Cobasys was like all other manufacturers in need of rare earths was forced to buy its raw materials from the People's Republic of China which had become overwhemingly dominant after 1994 in the production and supply of rare earths.

When, in 2003-5, Chevron acquired the Mountain Pass site it seemed trivially obvious that Chevron would reopen the rare earth mine so as to supply Cobasys, but it never happened.

This is probably due to the fact that the poor marketing skills and even poorer understanding of engineering by General Motors' 'top' management had caused GM to reject the NiMH battery based hybrid concept for a power train so successfully realized first in the Toyota Prius even though GM had first access to the NiMH battery technology. COBASYS based in suburban Detroit found itself without a major customer, and in its best year, 2007, it built only 9,000 NiMH batteries for GM and all of them suffered from mechanical defects and so many failed that GM recalled all of its 2007 hybrids for replacement batteries. In that same year Toyota built and sold more than a third of a million NiMH batteries in Toyota Priuses.

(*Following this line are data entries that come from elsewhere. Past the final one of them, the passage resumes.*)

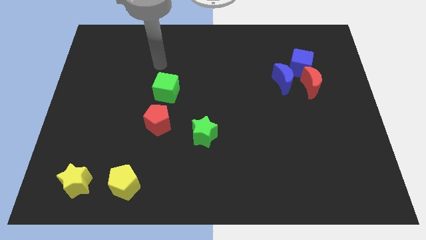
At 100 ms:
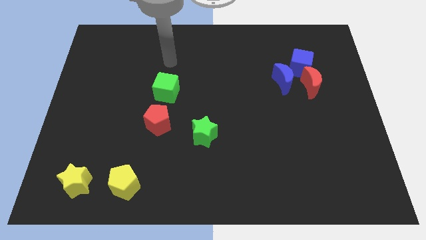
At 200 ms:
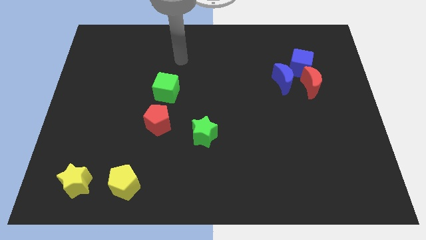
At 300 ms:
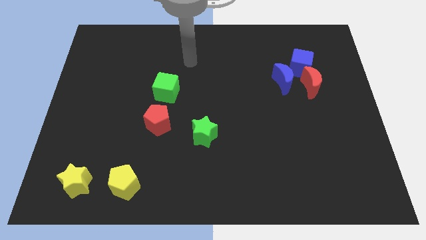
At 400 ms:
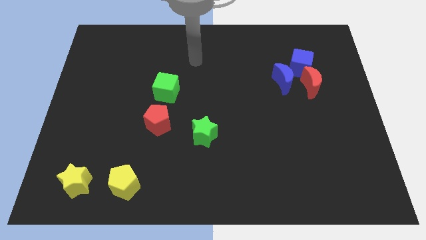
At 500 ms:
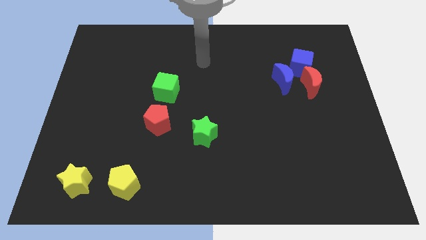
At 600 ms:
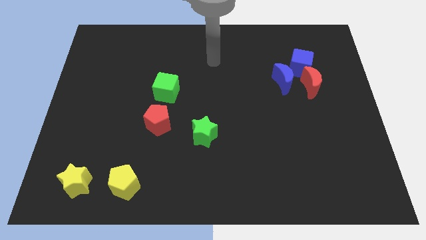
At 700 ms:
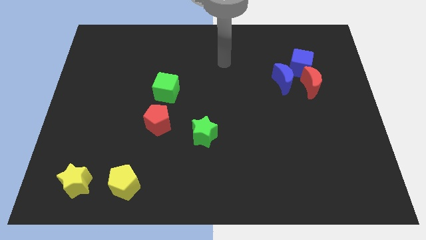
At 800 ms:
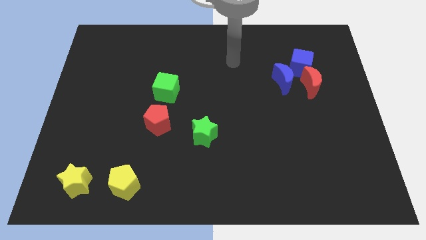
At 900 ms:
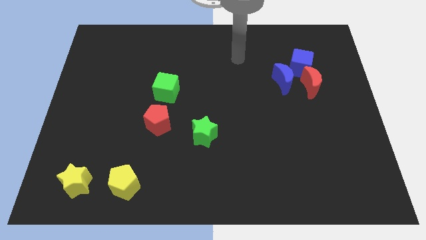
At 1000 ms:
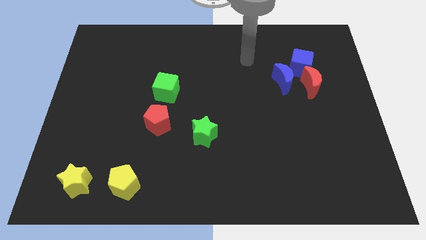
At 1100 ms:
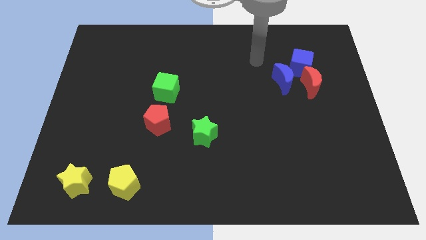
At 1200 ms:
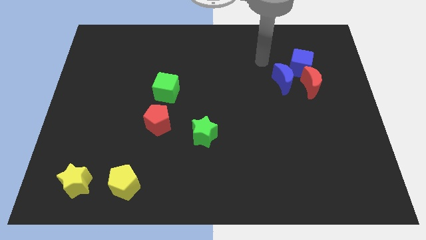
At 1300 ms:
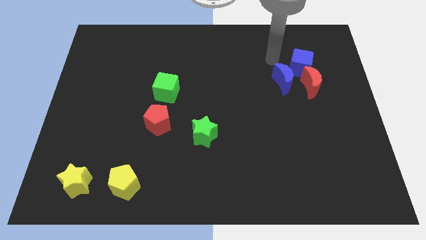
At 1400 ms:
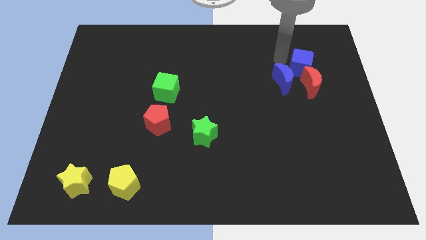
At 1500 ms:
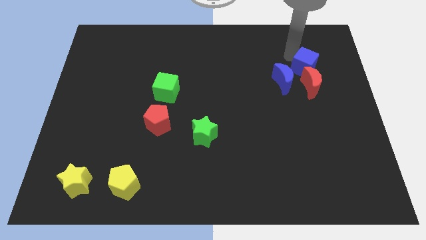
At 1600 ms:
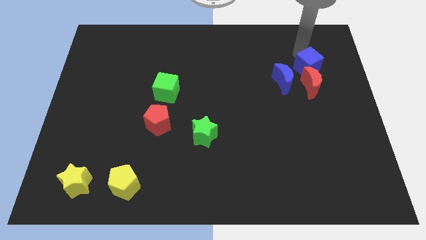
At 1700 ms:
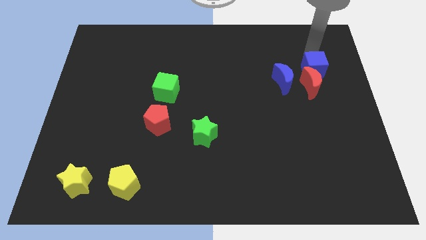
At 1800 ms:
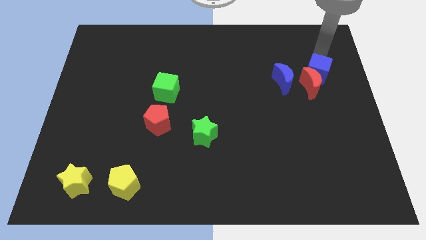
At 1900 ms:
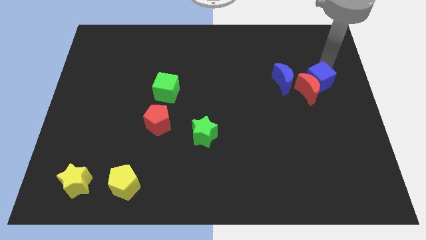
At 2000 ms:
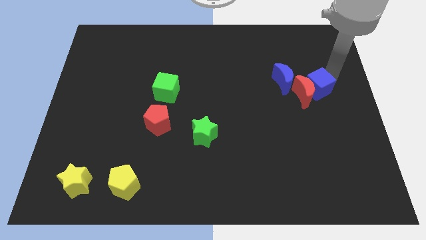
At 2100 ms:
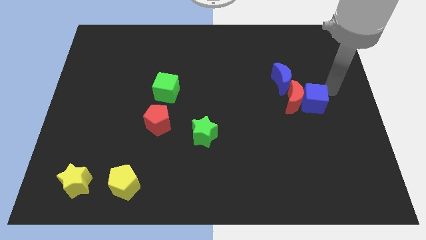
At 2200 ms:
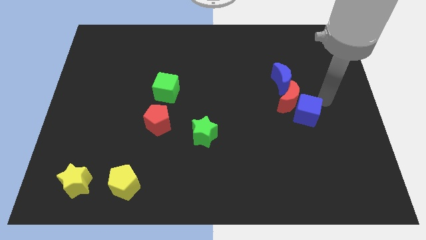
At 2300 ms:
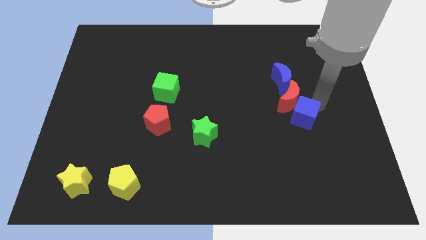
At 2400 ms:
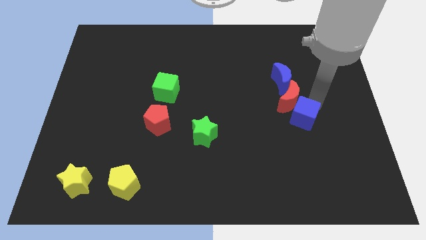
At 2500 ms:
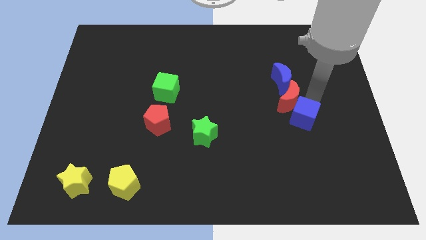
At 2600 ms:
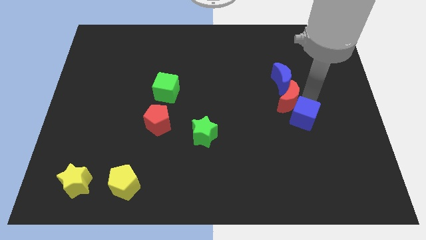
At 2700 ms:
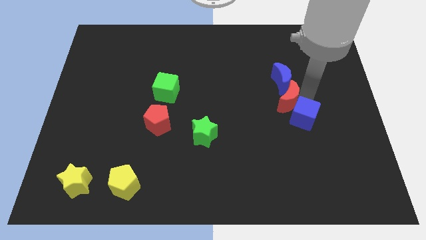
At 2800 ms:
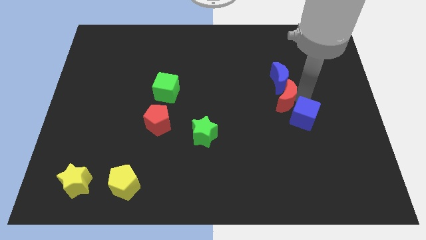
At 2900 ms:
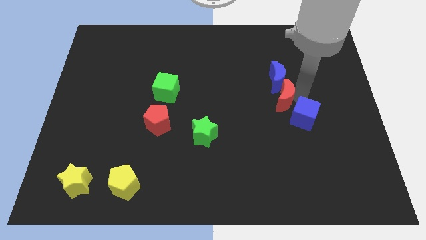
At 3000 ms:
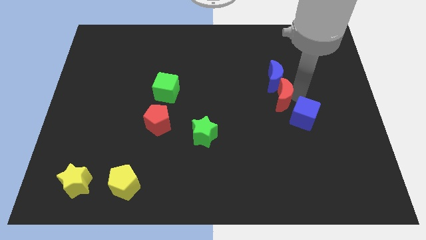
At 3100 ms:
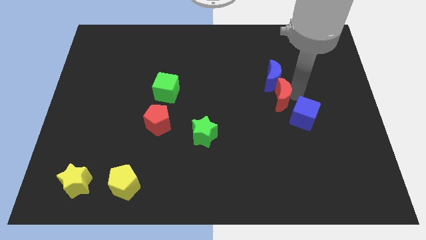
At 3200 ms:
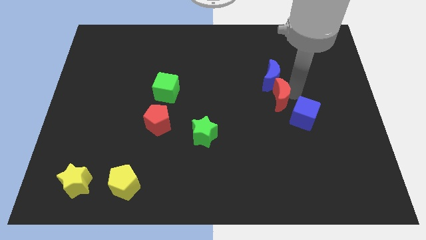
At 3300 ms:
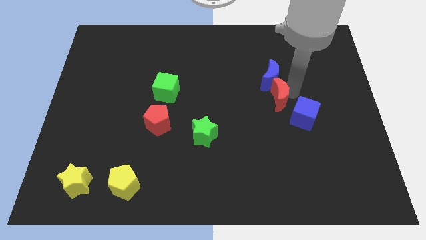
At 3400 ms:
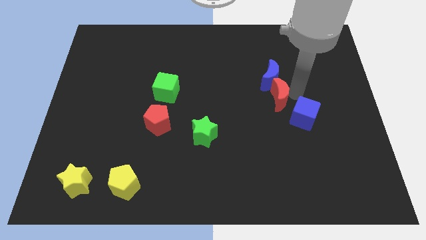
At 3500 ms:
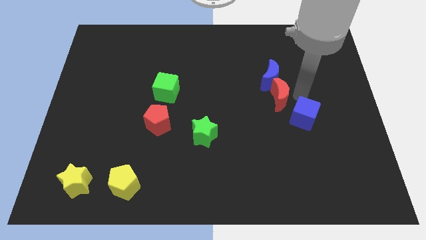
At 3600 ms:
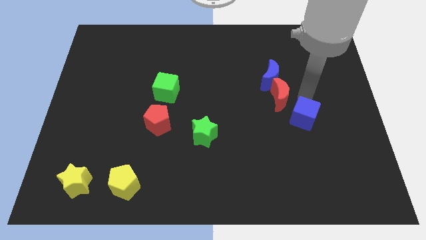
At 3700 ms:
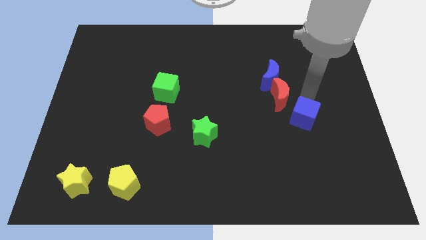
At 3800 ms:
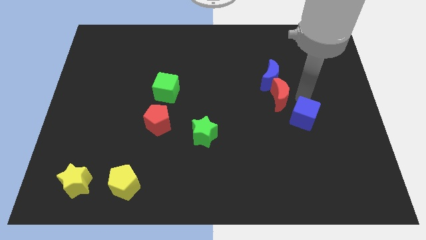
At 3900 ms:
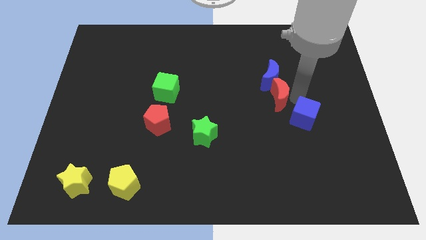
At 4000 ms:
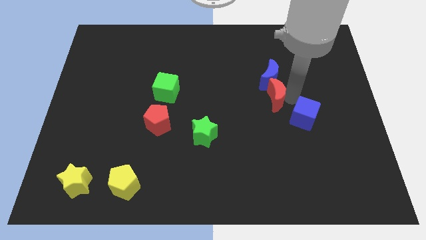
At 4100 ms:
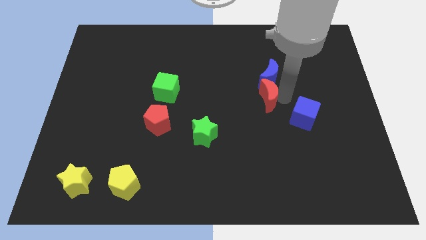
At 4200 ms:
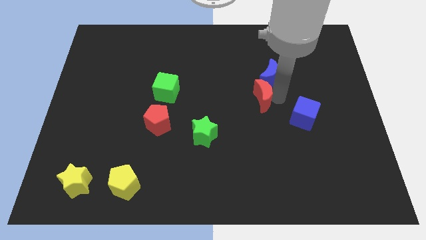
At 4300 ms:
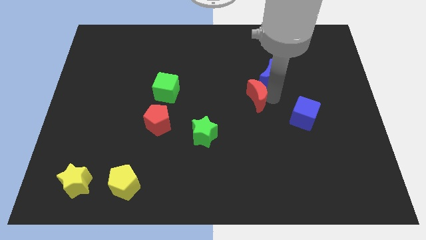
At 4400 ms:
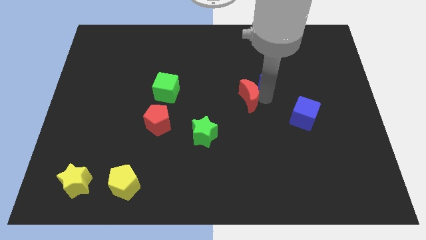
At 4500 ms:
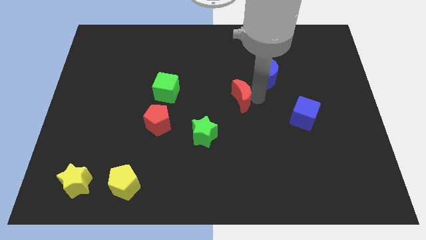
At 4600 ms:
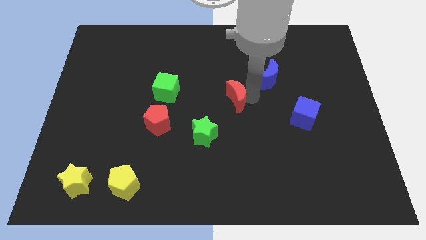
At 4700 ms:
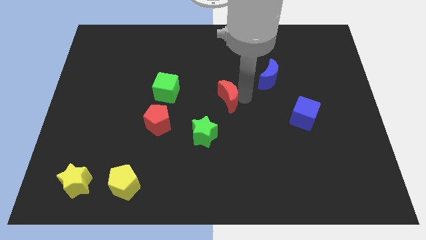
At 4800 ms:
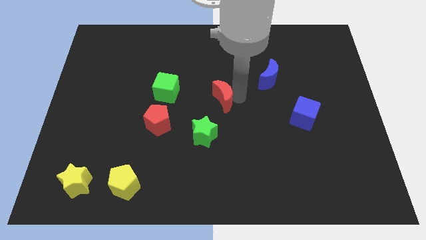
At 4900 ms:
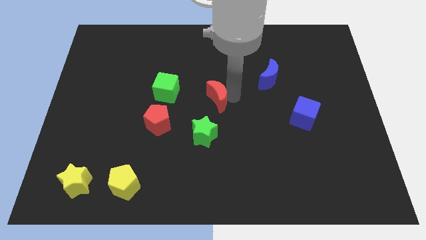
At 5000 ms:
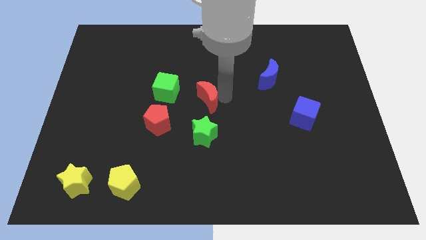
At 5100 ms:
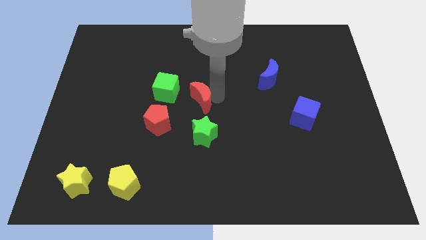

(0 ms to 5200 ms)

By late 2007 Chevron had enough of COBASYS and refused to advance any more funding. Chevron had up until then invested nearly a quarter of a billion dollars without any return on its investment at all. As of this writing GM has promised to buy out Chevron from its j/v with ECD and continue funding COBASYS and even to make COBASYS its quality control site for lithium batteries! However none of these things have happened and COBASYS is rapidly becoming moribund.

It is no surprise then that Chevron has sold its rare earth mine at Mountain Pass. The surprise is the buyer, a venture capital group led by Resource Capital. I am surprised that the new owners who do not now operate mines have not yet announced who will develop the mine. I suspect that it will be the Australian rare earth miner, Lynas, in which Goldman Sachs, a partner of Resource Capital in the Mountain Pass acquisition, is a major investor in Lynas, which itself is just about to get underway in producing rare earths in Australia and has under construction a too-large-for-just-Australia refining operation in Malaysia.

No mining has been done at Mountain Pass since 1994. It will take some time, perhaps as much as 2-5 years to bring Mountain Pass back to full operation.

If both Lynas and Mountain Pass are running at projected full operation within 3-5 years then together they will produce 40,000 mt of rare earth elements annually, which today would be 1/3 of the global total, and will most likely be enough in five years to be between 20 and 25% of the then global total.

I am betting that the investor group that has just bought Mountain Pass intends to create the world's largest producer of rare earths outside of China and further intends to ultimately create an entity which it will sell to a major miner or take public for an enormous profit.

I don't think that this investor group is anywhere near done with acquisitions, so I think that rare earth mining  will now get very hot as an investment opportunity.